Mariner is older than most folks. Old enough, in fact, to look back on that time when a person suddenly becomes old – retired from career, lifelong friends and family are disappearing, maybe even die, institutions that were the core of society back in the day are not mainstream anymore, children and grandchildren are off living that life an old person remembers with melancholy.

Humans, by their nature, are born and raised to be collaborative. Each person contributes to the sustenance needed by themselves and their family and even, in these modern times, needed by God and Country. It is natural for a person to take on a role that contributes to others as well as to themselves.

But what to do when that role disappears, when that role is no longer meaningful to the day-to-day world, when the role a person played in life has become passé? The answer is to keep it going. Remember the old days when a person had to look for a job or go hungry? Remember when parents had to move to a new region and it meant having to find new friends at school? Remember when the company laid off people and they had to start over?

It’s that time again.

No one does this job for the new oldster. The oldster must make a concerted effort, often taking a year or two, to find a new way to collaborate with fellow humans. Most adjustments relate to known skills and social behavior but don’t overlook something completely new.

One of mariner’s old friends had a career working 40 years in the offices of a large corporation. When he retired, he became a carpenter specializing in refurbishing home attics. Word-of-mouth recommendations kept him busy full time.

Mariner’s wife, a career librarian and author, has established a busy day by working whenever needed at the town library, belonging to writers and readers clubs, is active in her church, maintains a visiting network with friends who go back to her childhood in the town, remaining on a daily contact basis with lifetime friends and her children, participating in art and exercise programs – and still takes care of mariner!

A couple mariner knows are retired from running a grocery store. The wife makes artistic refrigerator magnets and sells them at town fairs across the midwest, saying that the fair sales and a tax write off pay for their vacation.

For most new oldsters, collaborative participation comes from continuing the skills and behaviors of their lifetime. For example, carpenters can continue their trade by taking on smaller projects that full time contractors find unprofitable. Hobbyists who knit, make jewelry or create artwork of any kind can use their hobby by connecting with small stores, charitable organizations and selling at fairs and yard sales.

New oldsters with a background in humanities may have to be a bit more creative to find a way to use their skills. Search politics, religion, social work or presentations in retirement homes, charity organizations, community and local government organizations. History has many famous examples of old folks becoming authors – social media is waiting.

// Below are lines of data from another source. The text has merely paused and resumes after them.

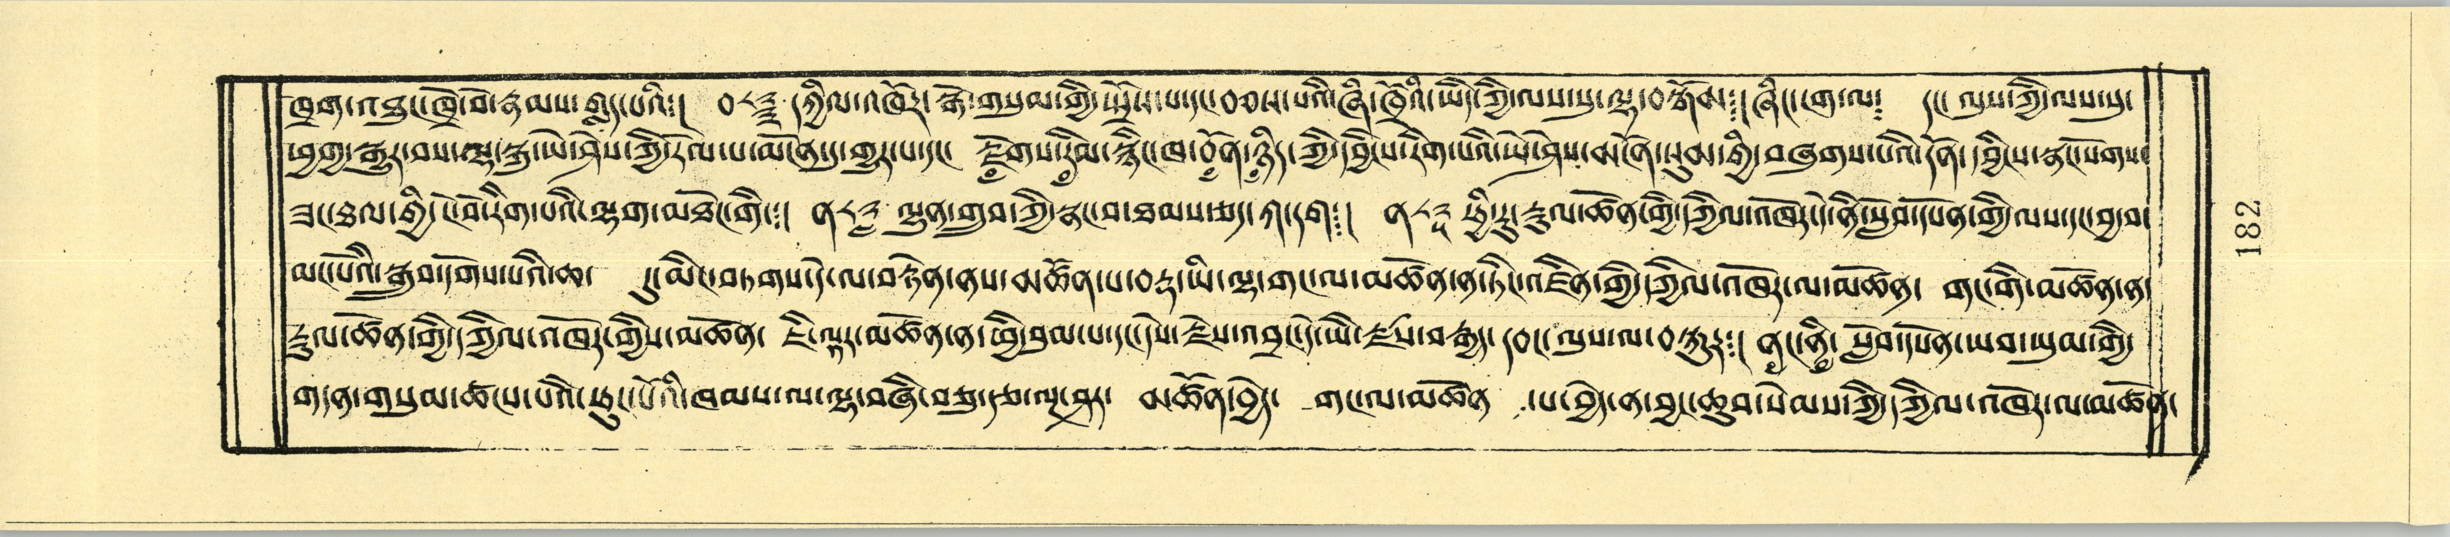ཁྲག་འཐུང་ཁྲོ་བོ་རྣམས་༼ཀླད་པའི༽བ༨༢།༣ ༼དཀྱིལ་འཁོར༽སྒོ་གསུམ་གྱི་༼སྤྲོས༽པ་དང་༼བཅས༽པའི་༼ཞི་ཁྲོའི༽ཡིད་ཀྱི་ལས་སུ་༼ལྷ་བསྒོམ། ཞིང་༽ངག་ལ་༼དང༽ལུས་ཀྱི་ལས་སུ་
ཕྱག་རྒྱ་བསྒྱུར་བས་ལྷ་སྐུ་ཡེ་ཤེས་ཀྱི་རོལ་པ་མངོན་དུ་གྱུར་པ་དང་། རྫོགས་རིམ་སྙིང་ཁ་བོན་ཉིད་ཀྱི་དབྱིངས་རིག་པའི་ཡེ་ཤེས་༼མངོན་སུམ་གྱི༽བཞུགས་པའི་༼དོན༽དབྱིངས་སྣ་ཚོགས་
ཟང་༼ཐལ་གྱི༽ངོ་བོ་རིག་པའི་ལྷག་མཐོང་གི་ན༨༢།༤ལྷུན་གྲུབ་ཀྱི་སྣང་བ་ཐམས་ཅད་༼ཀ་དག༽ན༨༢།༥༼ཕྱི་རུ༽རྡུལ་ཚོན་དཀྱིལ་འཁོར་དེ་ནི་སློབ་དཔོན་གྱི་ལས་དང་བྱ་བ་
མང་པོ་བསྒྲུབ་དགོས་པའི་ཆ་ དུ་མིང་བཏགས་པ་དེ་ལ་བརྟེན་ནས་༼མཚོན་པ་བརྡ་ཡི༽ལྷ་གང་ལ་མཚོན་ན་ཏིང་ངེ་འཛིན་གྱི་དཀྱིལ་འཁོར་ལ་མཚོན། གང་གི་མཚོན་ན་
རྡུལ་ཚོན་གྱི་དཀྱིལ་འཁོར་གྱིས་མཚོན། ཇི་ལྟར་མཚོན་ན་བུམ་པ་དང་དེས་རྗེས་སུ་འབྲངས་དེ་ཡི་རྫས་བརྒྱད་༼དབང༽ལུས་ལ་བསྐུར།༼ནང་ནི༽སློབ་དཔོན་ཡབ་ཡུམ་གྱི་
གདན་གསུམ་ཚང་བའི་༼ཕུང་པོའི༽ཁམས་ལ་ལྷ་བཞི་བཅུ་རྩ་ལྔ་ཤར་༼མཚོན་བྱེད༽གང་ལ་མཚོན་པར་བྱེད་ན་བྱང་ཆུབ་སེམས་ཀྱི་དཀྱིལ་འཁོར་ལ་མཚོན་

If the new oldster is sitting in a recliner watching television and scrolling games on the smartphone, get off your ass and find a new collaboration. Otherwise, depression, loneliness and boredom will be the new lifestyle.

Ancient Mariner

 

‘Tis the season, for sure

The visiting season approaches. Be sure to have bags packed for visits and pantries full for visitors. The holiday season is upon us. Shop early, especially if the reader plans to use the US Postal Service. Mariner has lost some plants due to a three-week delivery time. The US Postal Service would appreciate it if readers would mail greeting cards instead of using internet resources – mail early! On a related matter, if the reader is using a mail-in ballot, don’t wait until the last moment.

An interesting side note: The largest group of people moving to Florida today are foreigners. Perhaps evidence that global warming isn’t just an American issue. On the other hand, with 20 wars raging around the globe, decent neighborhoods may be hard to find.

To those suffering the news broadcasts, the coverage is so iterative that almost any reader can write copy for the next broadcast. There are a very few news agencies that don’t chase the common, gossipy news. Mariner recommends ProPublica.com; other issues are growing in the nation’s large societal map.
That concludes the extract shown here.